Retraite : 7 Français sur 10 veulent faire payer les plus riches

Du 21 au 24 février 2025, soit quelques jours avant le lancement du conclave social promis par François Bayrou, Premier ministre, une enquête de Toluna-Harris Interactive, commandée par Hexagone, a été menée auprès de 1 101 personnes représentatives des Français âgés de 18 ans et plus. Objectif : saisir comment les citoyens perçoivent le système de retraite actuel et ses potentielles évolutions. À l’heure où la réforme redevient un totem politique, les résultats de ce sondage valent bien plus qu’un simple baromètre d’opinion : ils révèlent une société fatiguée de n’être ni entendue, ni rassurée.
Une meilleure connaissance du système de retraite… mais largement floue
Savoir que la retraite française repose sur la répartition n’implique pas de comprendre comment elle fonctionne.
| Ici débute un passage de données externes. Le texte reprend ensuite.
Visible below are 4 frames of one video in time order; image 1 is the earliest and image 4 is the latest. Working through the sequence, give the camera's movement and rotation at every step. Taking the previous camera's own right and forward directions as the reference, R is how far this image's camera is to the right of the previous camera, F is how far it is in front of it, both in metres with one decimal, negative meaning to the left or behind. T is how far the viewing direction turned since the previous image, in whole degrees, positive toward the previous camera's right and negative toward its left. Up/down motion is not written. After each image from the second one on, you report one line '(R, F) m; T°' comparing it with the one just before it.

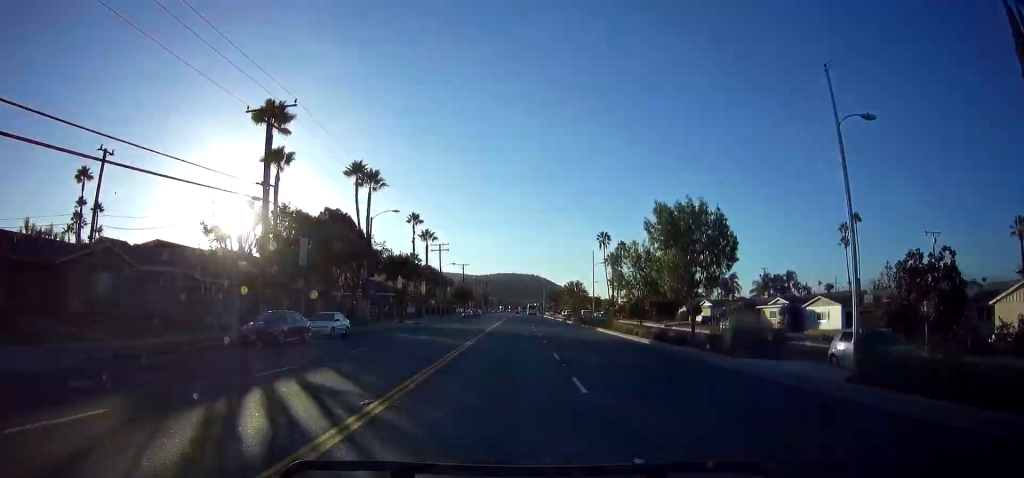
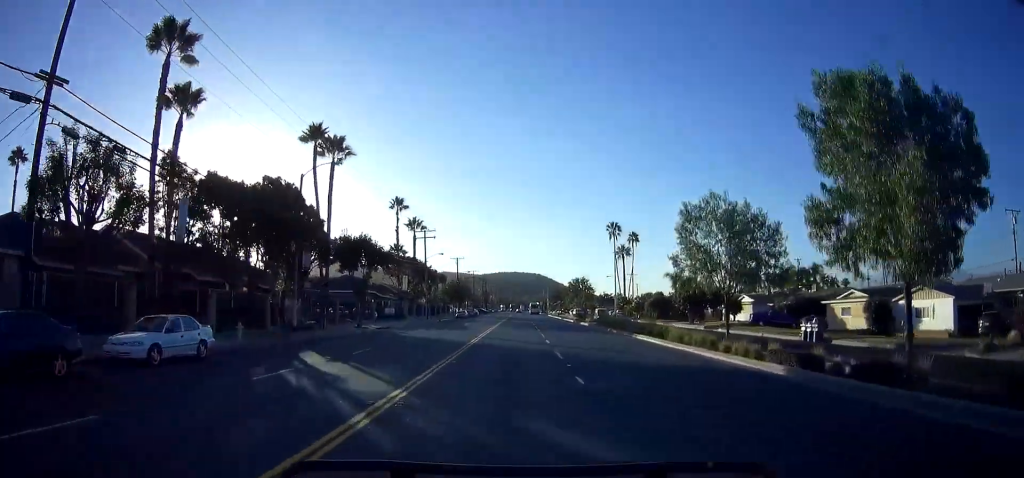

En 2025, 56 % des répondants se disent bien informés, contre 41 % en 2018. La progression est indiscutable, mais elle masque un autre chiffre : seulement 10 % des sondés se déclarent très bien informés. Même parmi les retraités, le flou domine.
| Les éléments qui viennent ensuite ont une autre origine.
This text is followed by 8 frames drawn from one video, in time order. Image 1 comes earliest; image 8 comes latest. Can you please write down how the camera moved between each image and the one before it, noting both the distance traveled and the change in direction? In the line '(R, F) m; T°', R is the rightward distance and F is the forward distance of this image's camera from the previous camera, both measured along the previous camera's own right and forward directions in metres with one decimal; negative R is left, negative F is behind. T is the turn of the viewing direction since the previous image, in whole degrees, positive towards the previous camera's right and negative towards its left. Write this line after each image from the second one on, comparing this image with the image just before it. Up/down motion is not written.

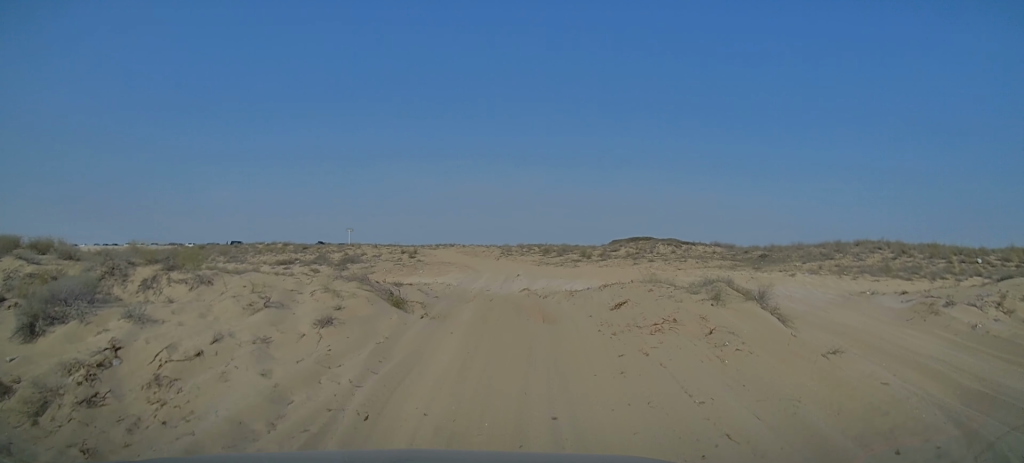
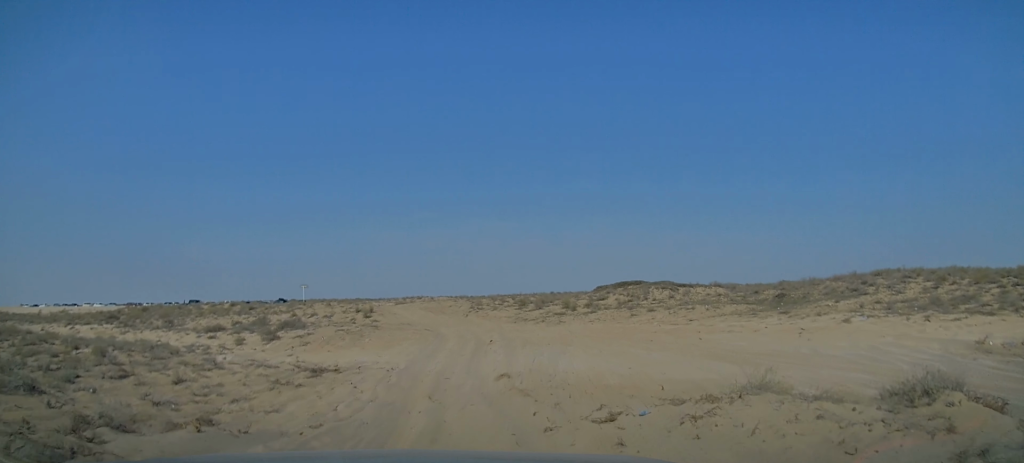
(+0.2, +7.6) m; +8°
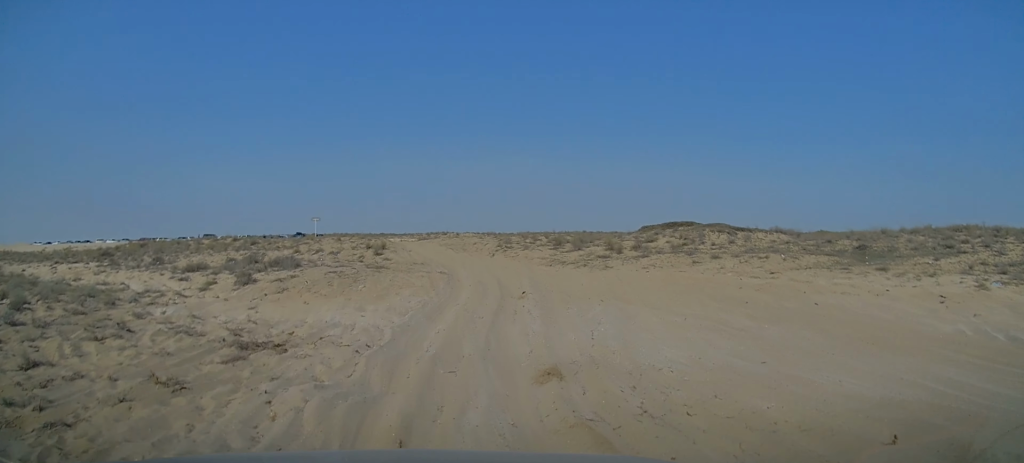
(-0.1, +6.6) m; -5°
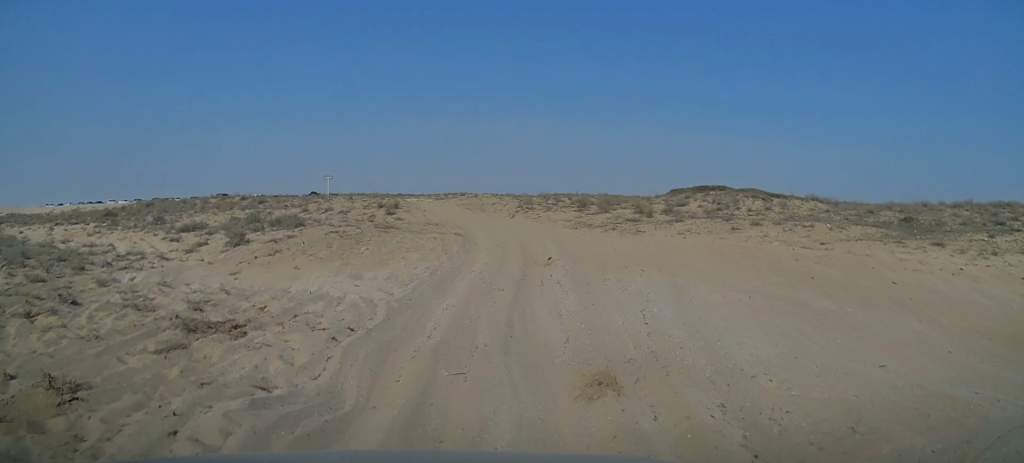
(-0.1, +2.4) m; -1°
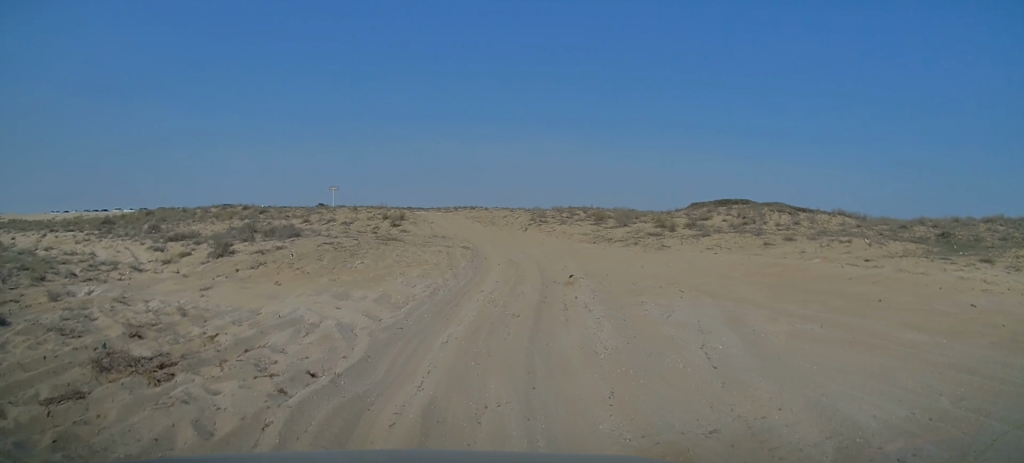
(0.0, +2.1) m; 0°
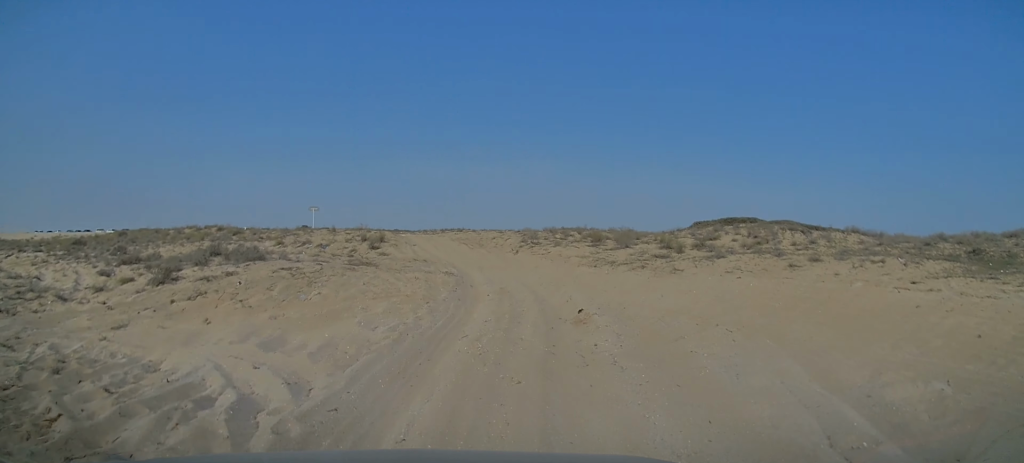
(+0.1, +2.9) m; +1°
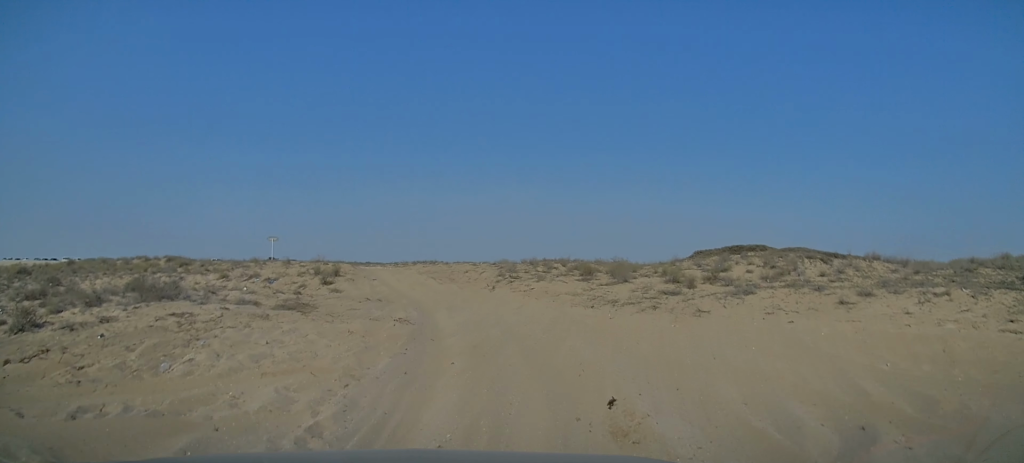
(0.0, +4.8) m; +2°
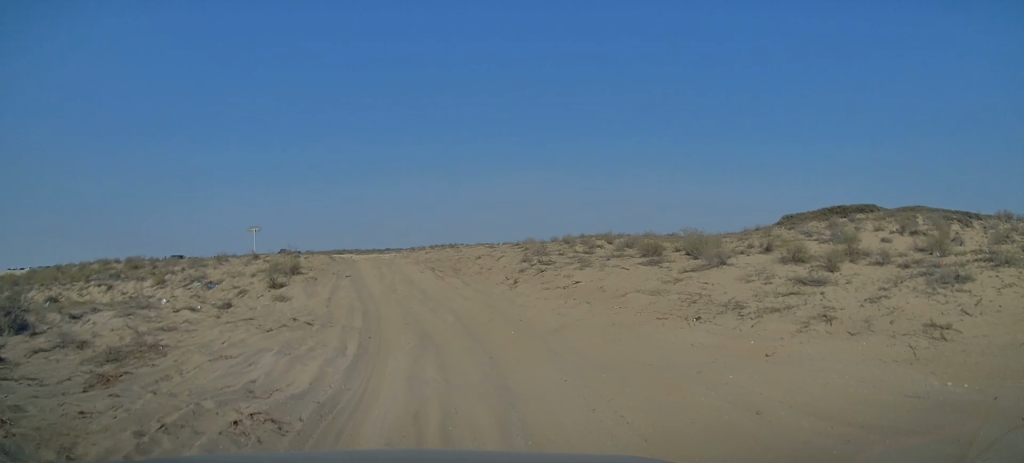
(+0.3, +8.9) m; -3°

Plus révélateur encore, l’enquête met en lumière une confusion intergénérationnelle. Si 72 % des Français identifient correctement le mécanisme de financement – les actifs cotisent pour les retraités actuels –, ce pourcentage tombe brutalement chez les moins de 25 ans. Un tiers d’entre eux pense que le système est basé sur la capitalisation, preuve d’un imaginaire libéral plus enraciné que les discours publics ne veulent l’admettre.
Satisfaction en hausse, confiance en chute : un paradoxe de la retraite
« Un peu mieux informés, mais toujours aussi méfiants » : voilà ce qu’il faut retenir des chiffres. Près de la moitié des Français (48 %) se disent aujourd’hui satisfaits du système actuel. Un bond de 17 points par rapport à 2018. Pourtant, seuls 5 % se déclarent « très satisfaits ». Chez les retraités, la satisfaction grimpe à 69 %, mais là encore, ils ne sont que 7 % à se dire pleinement convaincus.
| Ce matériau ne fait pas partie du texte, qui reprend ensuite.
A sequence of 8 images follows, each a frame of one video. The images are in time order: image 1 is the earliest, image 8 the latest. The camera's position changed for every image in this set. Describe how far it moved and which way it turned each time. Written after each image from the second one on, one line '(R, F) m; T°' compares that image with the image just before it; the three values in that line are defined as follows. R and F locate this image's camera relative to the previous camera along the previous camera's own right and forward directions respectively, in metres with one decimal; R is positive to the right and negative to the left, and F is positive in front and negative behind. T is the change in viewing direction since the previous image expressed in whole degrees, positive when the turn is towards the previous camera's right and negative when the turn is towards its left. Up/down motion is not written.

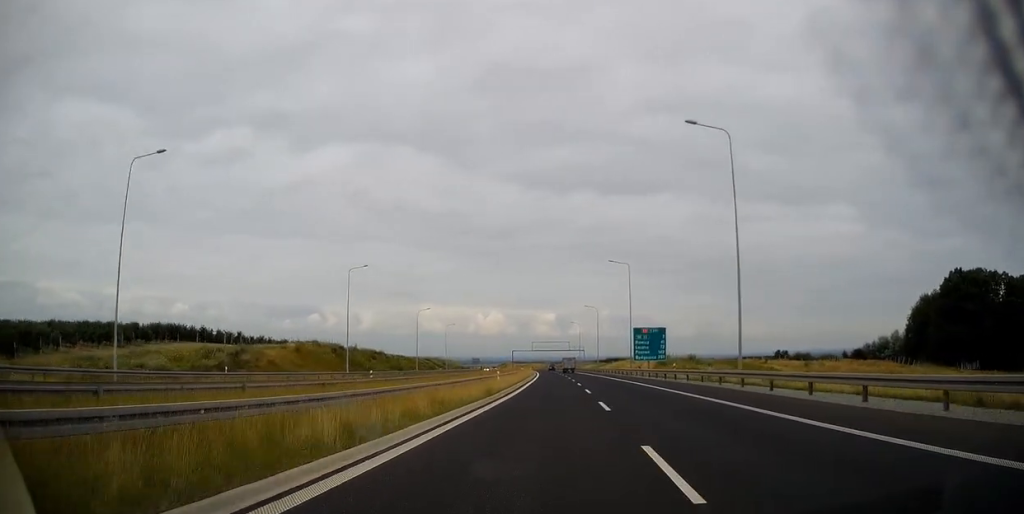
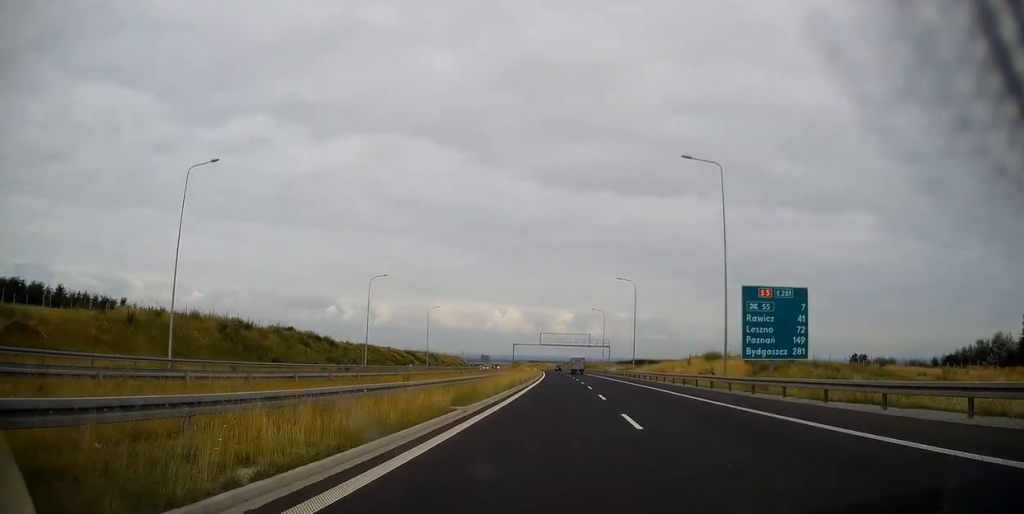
(-0.5, +40.6) m; -1°
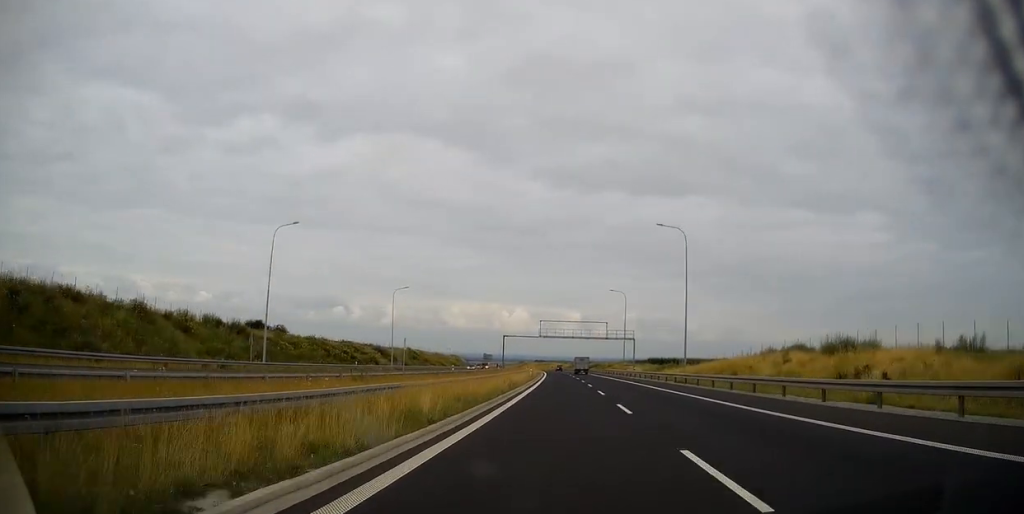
(-0.3, +31.3) m; -1°
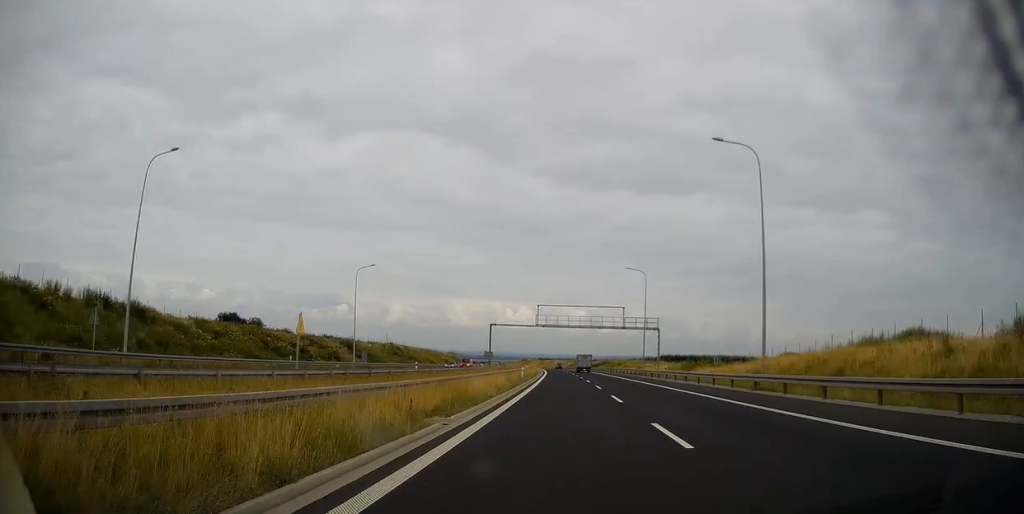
(-0.1, +19.7) m; 0°
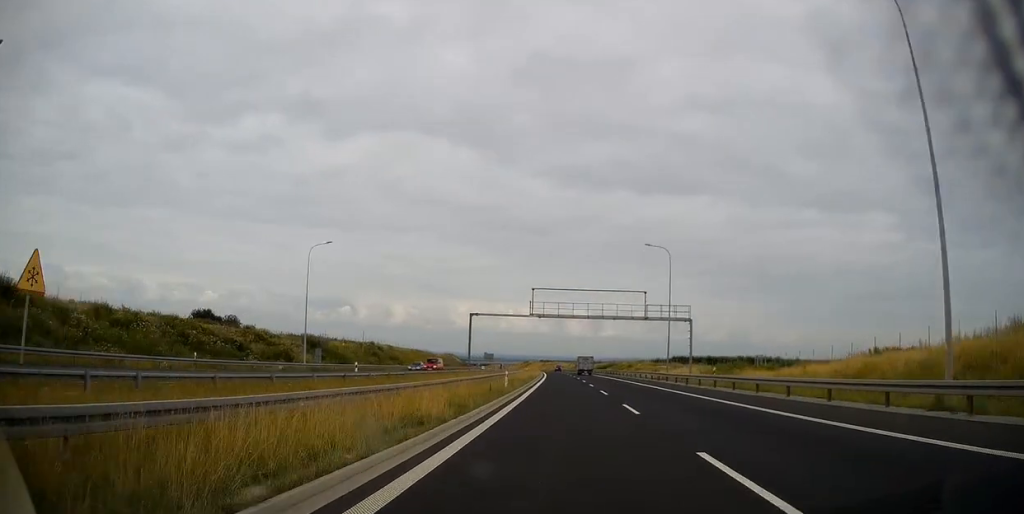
(0.0, +16.2) m; 0°
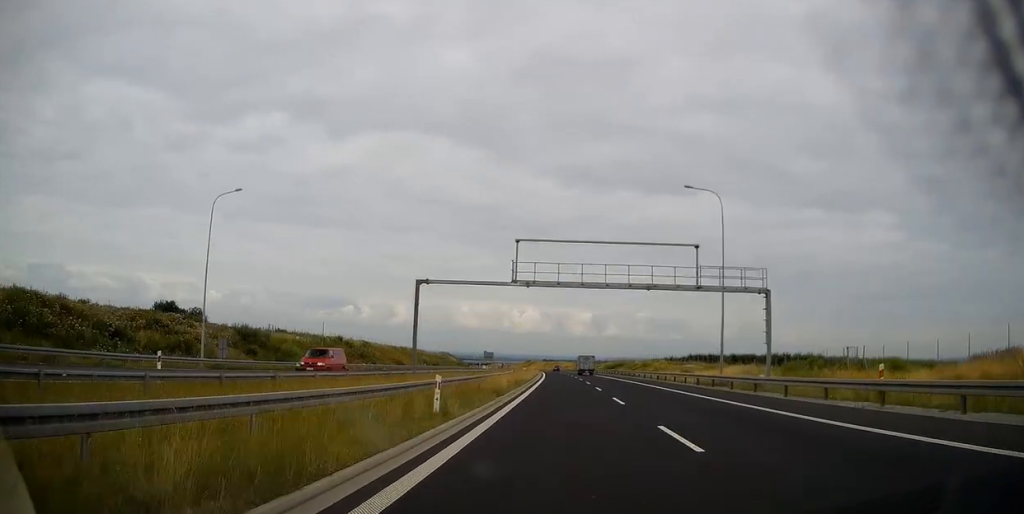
(-0.1, +19.7) m; 0°
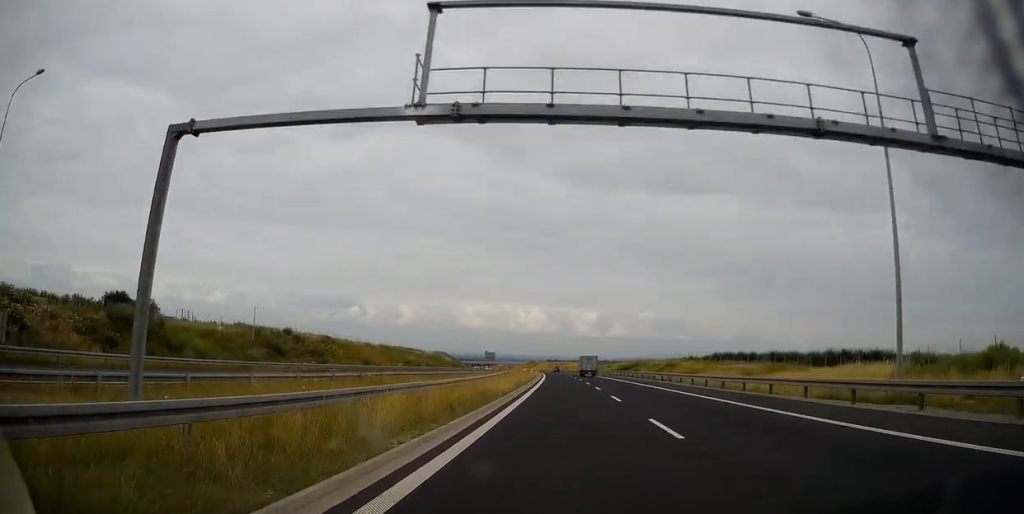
(-0.1, +22.1) m; 0°
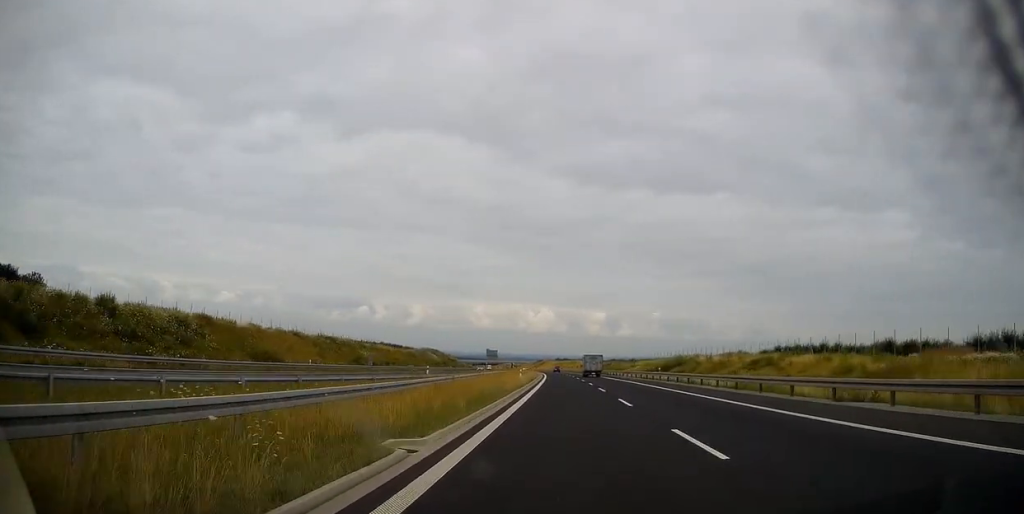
(-0.3, +38.3) m; -1°

Derrière cette légère amélioration se cache un gouffre de défiance. Deux chiffres l’illustrent : 63 % des sondés ne font pas confiance au système pour atteindre un équilibre économique, et 66 % des actifs doutent de sa capacité à leur offrir une retraite décente. Autrement dit, on accepte le système pour aujourd’hui, mais on ne parie pas un centime sur demain.
Le spectre des réformes : ce que les Français acceptent (et refusent catégoriquement)
L’élément le plus frappant du sondage reste la hiérarchie des priorités exprimée par les Français. Ils sont 74 % à vouloir une revalorisation des pensions alignée sur l’évolution des salaires. C’est ce que l’on appelle un consensus social. Même soutien massif (73 %) pour une hausse des cotisations ciblée sur les hauts revenus. Les Français acceptent de parler d’argent, mais à condition que les efforts soient équitables.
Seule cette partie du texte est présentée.